In his valentine to Kerouac and company, The Source, documentarian Chuck Workman pursues this line of mythomania with uncommon fervor. He's a bit misleading. It's certainly appropriate to give the incendiary Naked Lunch or the free-spirited, uncommonly witty poems of Gregory Corso their due, but the wave of nostalgia sweeping over the Beat Generation in the 1990s has all but inundated the facts. If Kerouac and his pals were the original American dissenters, as Workman and others seem to claim, where does that leave George Washington and his pals, Emerson and Thoreau, or the leftists of the 1930s? If, as The Source claims, hippies, '60s war protesters, and new-agers sprang directly from the Beats ("They looked on us as elders of the tribe," poet Philip Whalen avers), what about their influences? Allen Ginsberg didn't invent Buddhism, and when Burroughs started talking about automatic writing or "the systematic derangement of the senses" through drug use, he was borrowing from both Rimbaud and the Surrealists. Jack Kerouac may have hit the road with liberation on his mind and rebellion in his heart, but he wasn't the first young man to go west fueled by individualist dreaming.

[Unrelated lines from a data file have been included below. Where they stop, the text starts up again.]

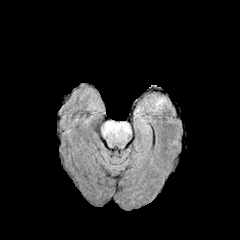
FLAIR magnetic resonance.
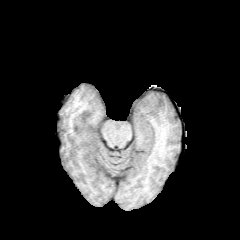
T1-weighted MR of the same slice.
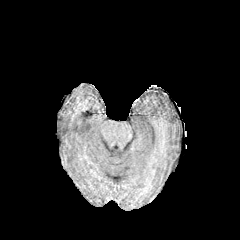
Post-contrast T1-weighted MR image.
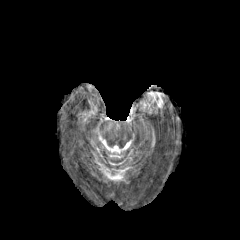
T2-weighted MR image of the same slice.
Head.
The edema is at x1=141 y1=94 x2=165 y2=111.
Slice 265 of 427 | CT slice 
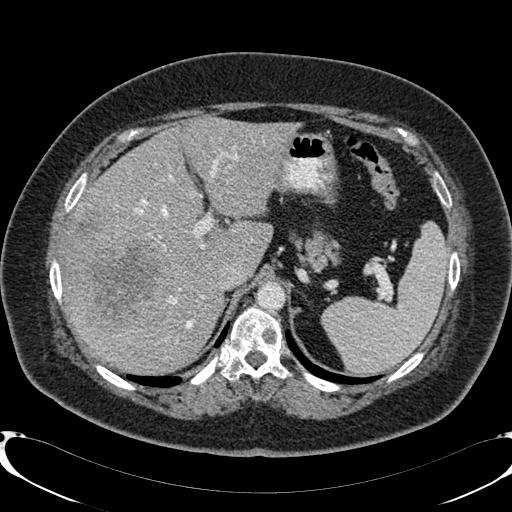 {"liver": ["bbox=[64, 117, 299, 370]"], "liver_lesion": ["bbox=[67, 208, 168, 330]"]}
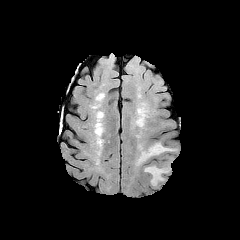
FLAIR MR image.
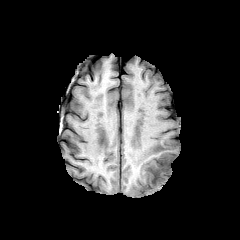
T1-weighted MR image of the same slice.
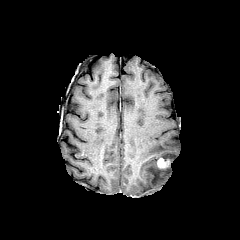
Same slice, post-contrast T1-weighted MR.
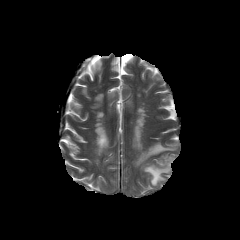
T2-weighted MR image of the same slice.
Brain
{"non-enhancing_tumor_core": ["149,167,165,182"], "edema": ["135,142,176,165", "142,164,168,185"], "enhancing_tumor": ["157,158,169,168"]}
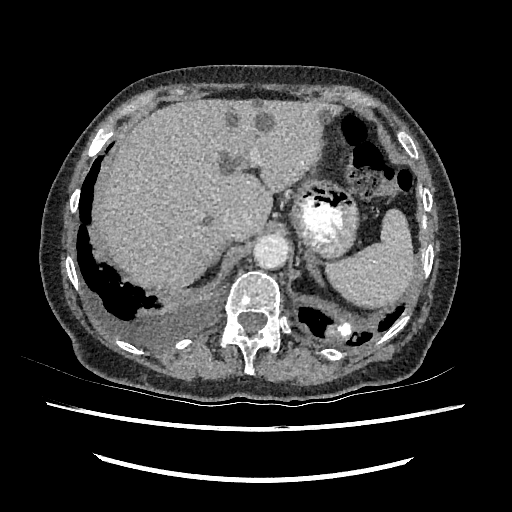

CT slice. Abdomen.

<segmentation>
  <liver_lesion>202 216 212 225, 255 113 274 131, 220 153 240 176, 253 101 263 107, 318 108 331 124, 226 110 238 128</liver_lesion>
  <liver>101 100 341 289</liver>
</segmentation>

As for Saint Jack's actual writing, is it really better (or more outspoken) than that of such notably non-Beat '50s practitioners as Vladimir Nabokov, Flannery O'Connor, or Tennessee Williams? Who will endure -- Lawrence Ferlinghetti or Arthur Miller?

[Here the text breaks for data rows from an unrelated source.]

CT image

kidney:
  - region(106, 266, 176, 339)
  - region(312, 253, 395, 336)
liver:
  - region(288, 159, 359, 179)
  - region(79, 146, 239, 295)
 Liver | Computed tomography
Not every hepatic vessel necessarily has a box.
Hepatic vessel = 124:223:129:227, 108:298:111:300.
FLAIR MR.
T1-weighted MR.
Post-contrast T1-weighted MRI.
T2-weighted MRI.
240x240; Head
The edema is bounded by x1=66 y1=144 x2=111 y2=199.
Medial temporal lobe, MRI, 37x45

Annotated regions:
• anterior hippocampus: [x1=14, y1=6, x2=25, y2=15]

Aesthetic considerations aside, it doesn't hurt to ask what effects the Beats will continue to have if the romantic mythology espoused by The Source and other books and movies about them is even partly true. In Workman's parade of talking heads, you find Kerouac telling TV host Steve Allen how he wrote On the Road in three weeks, and you can't help speculating on the number of young authors who will now set out to write their masterpieces in three weeks. You see Norman Mailer, who shares with the Beats a penchant for self-dramatization, weighing in on the early impact of Ginsberg's Howl, and you can't help wondering about the demise of Norman Mailer. In support of his fathers-of-us-all thesis, Workman disinters proto-hippie Ed Sanders, late of the Fugs; Merry Prankster Ken Kesey; and a dozen lesser lights of the Beat movement. He also splices in the godfather of LSD, the late Timothy Leary, who lets fly with a belief that no self-respecting poet, good or bad, would be likely to embrace: "In the future," Leary tells us, "it will not be what book you read but what chemical you take, to open your mind." Just don't let your publisher know.

The Source gives us old footage of Ginsberg (thumbing through a scrapbook, declaiming, wandering Times Square), Burroughs ("My whole life has been resistance to the ugly spirit," he tells us), and Kerouac (playing hipster, making funny faces), but all three are now dead, and Workman sees fit to dramatize them anew: That's John Turturro yelling, "I saw the best minds of my generation destroyed by madness" in a dark schoolyard. Underneath the hat, that's Johnny Depp as Kerouac, and the desiccated, furrowed-brow guy is Dennis Hopper as Burroughs, talking about how he tried to William Tell the apple off his wife's head that time, but wound up shooting a little low. Thus does Hollywood once more intrude on cinema verité.

As for Neal Cassady, the patron saint of the Beats, and his fictional counterpart, Dean Moriarty, The Source dusts off their bios, too, en route to insisting, more or less, that, if Kerouac had never devoted a month to Dharma Bums or drunk red wine straight out of the jug in San Francisco, then the civil rights movement, the granola boom in rural Vermont, and the gold records of Bob Dylan would never have come to pass. That's an enormous conceit, blind to history.